December 1, 2023 1932 0

Money and Banking Dynamics:

Money is the commonly accepted medium of exchange. In economies with multiple individuals, money facilitates market transactions. Money facilitates exchanges by allowing individuals to sell their produce for money, which is then used to purchase necessary commodities. It serves various functions in a modern economy, including the facilitation of exchanges, market transactions, and facilitating the exchange of goods and services.

Money and Banking form an interdependent relationship. Once the money is in circulation, it is mainly the banking sector that gets involved in the transaction process.

How has the role of Money and Banking transformed from a Medium of Exchange to facilitating Cashless Transactions?
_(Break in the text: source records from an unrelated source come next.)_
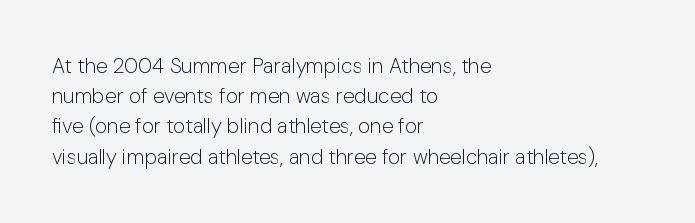
{"italic": "no", "bold": "no", "underline": "no", "align": "left", "line_spacing": "normal", "line_spacing_ratio": 1.44, "letter_spacing": "normal", "letter_spacing_em": 0.0, "glyph_px": 21}
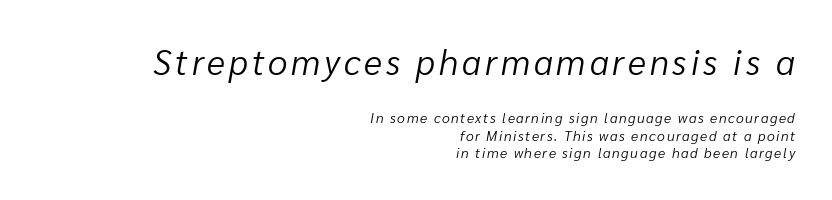
The image shows 35 px light type, italic (leaning right); set right-aligned, line spacing 1.24x, not underlined; the first (top) block is 2.5x larger; low stroke contrast and a medium x-height.
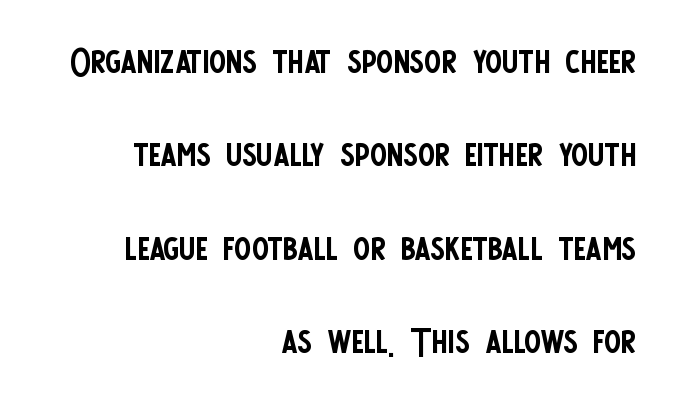
Q: Is the text bold? A: No.
Q: Is the text italic (slanted)? A: No, it is upright.
Q: Is the typeface a serif or a sans-serif typeface? A: Sans-serif.
Q: Is the text underlined? A: No.
Q: How is the paragraph aligned? A: Right-aligned.
Q: Is the spacing between letters normal or unusually wide? A: Normal.
Q: Width (condensed, normal, or wide)? A: Condensed.
Q: Stroke contrast? A: Low.
Q: x-height? A: Large.
Q: Monospaced? A: No.
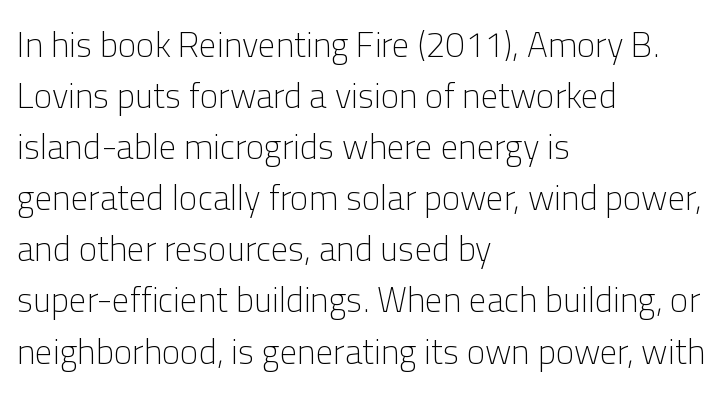
The image shows 35 px light sans-serif type, upright; set left-aligned, normal line spacing (1.46x), normal letter spacing, not underlined; low stroke contrast and a medium x-height.
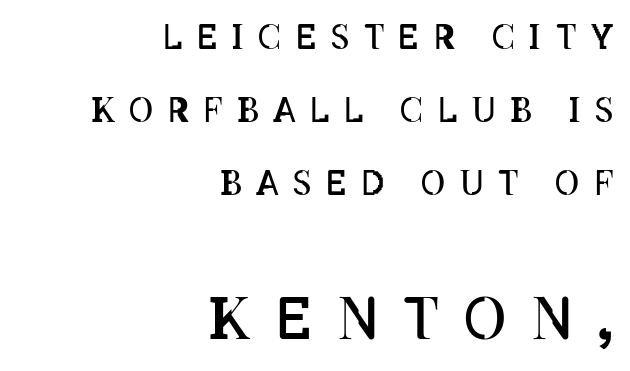
The image shows 58 px regular-weight, condensed type, upright; set right-aligned, loose line spacing (2.21x), unusually wide letter spacing (+0.44 em), not underlined; the second (bottom) block is 1.76x larger; low stroke contrast and a large x-height.

  • Money as a Medium of Exchange: Money and banking are significant aspects of our daily lives. Money is used in various transactions, such as buying and selling goods and exchanging services, and hence acts as an effective medium of exchange.
    • Example: In a market system, if a shoe manufacturer needs to exchange his shoes in order to buy wheat, a process known as double coincidence of wants has to work. 
      • This requires both parties to agree to sell and buy each other’s commodities. 
      • This happens in a barter system where goods are directly exchanged without the use of money, but transactions in terms of money make it all easier.
    • An Intermediate Step: Money serves as an intermediate step in an economy, Thus eliminating the need for a double coincidence of wants. 
  • Convenient Unit of Account: Money acts as a convenient unit of account.
  • Example: A certain wristwatch is worth Rs 500, It  means that the wristwatch is exchangeable for 500 units of money, with the rupee serving as the unit of currency in this instance. 
  • Determining Relative Costs and Prices: Money helps in calculating the relative cost of an item
    • Example: If the price of a pencil is Rs. 2, and the price of a pen is Rs 10, then a pen is worth 10÷2 = 5 pencils. 
  •  Determining Value and Comparing Relative Worth: This also helps in calculating the worth of money in relation to other commodities. 
    • Example: A rupee is equivalent to 1÷ 2 = 0.5 pencils or 1÷10 = 0.1 pens in the example above.
  • Universal Acceptability: A barter system has limitations, such as difficulty in carrying wealth forward due to perishable items and storage costs
    • Money, on the other hand, is not perishable and has lower storage costs and universal acceptability. 
  • Store of Value: It can act as a store of value for individuals, but its value must be stable to function effectively. 
    • Other assets like gold, landed property, houses, or bonds can also act as stores of value but may not be easily convertible or universally acceptable. 
  • Dynamic in Nature: When commodity prices increase in terms of money, the purchasing power of money decreases, allowing a unit of money to purchase less of any commodity.
  • Cashless Nature: Some countries are moving towards a cashless society, where financial transactions are made through digital information. 
    • Example: the Indian government has been investing in reforms like Jan Dhan accounts, Aadhar-enabled payment systems, e-wallets, and National Financial Switch to promote financial inclusion.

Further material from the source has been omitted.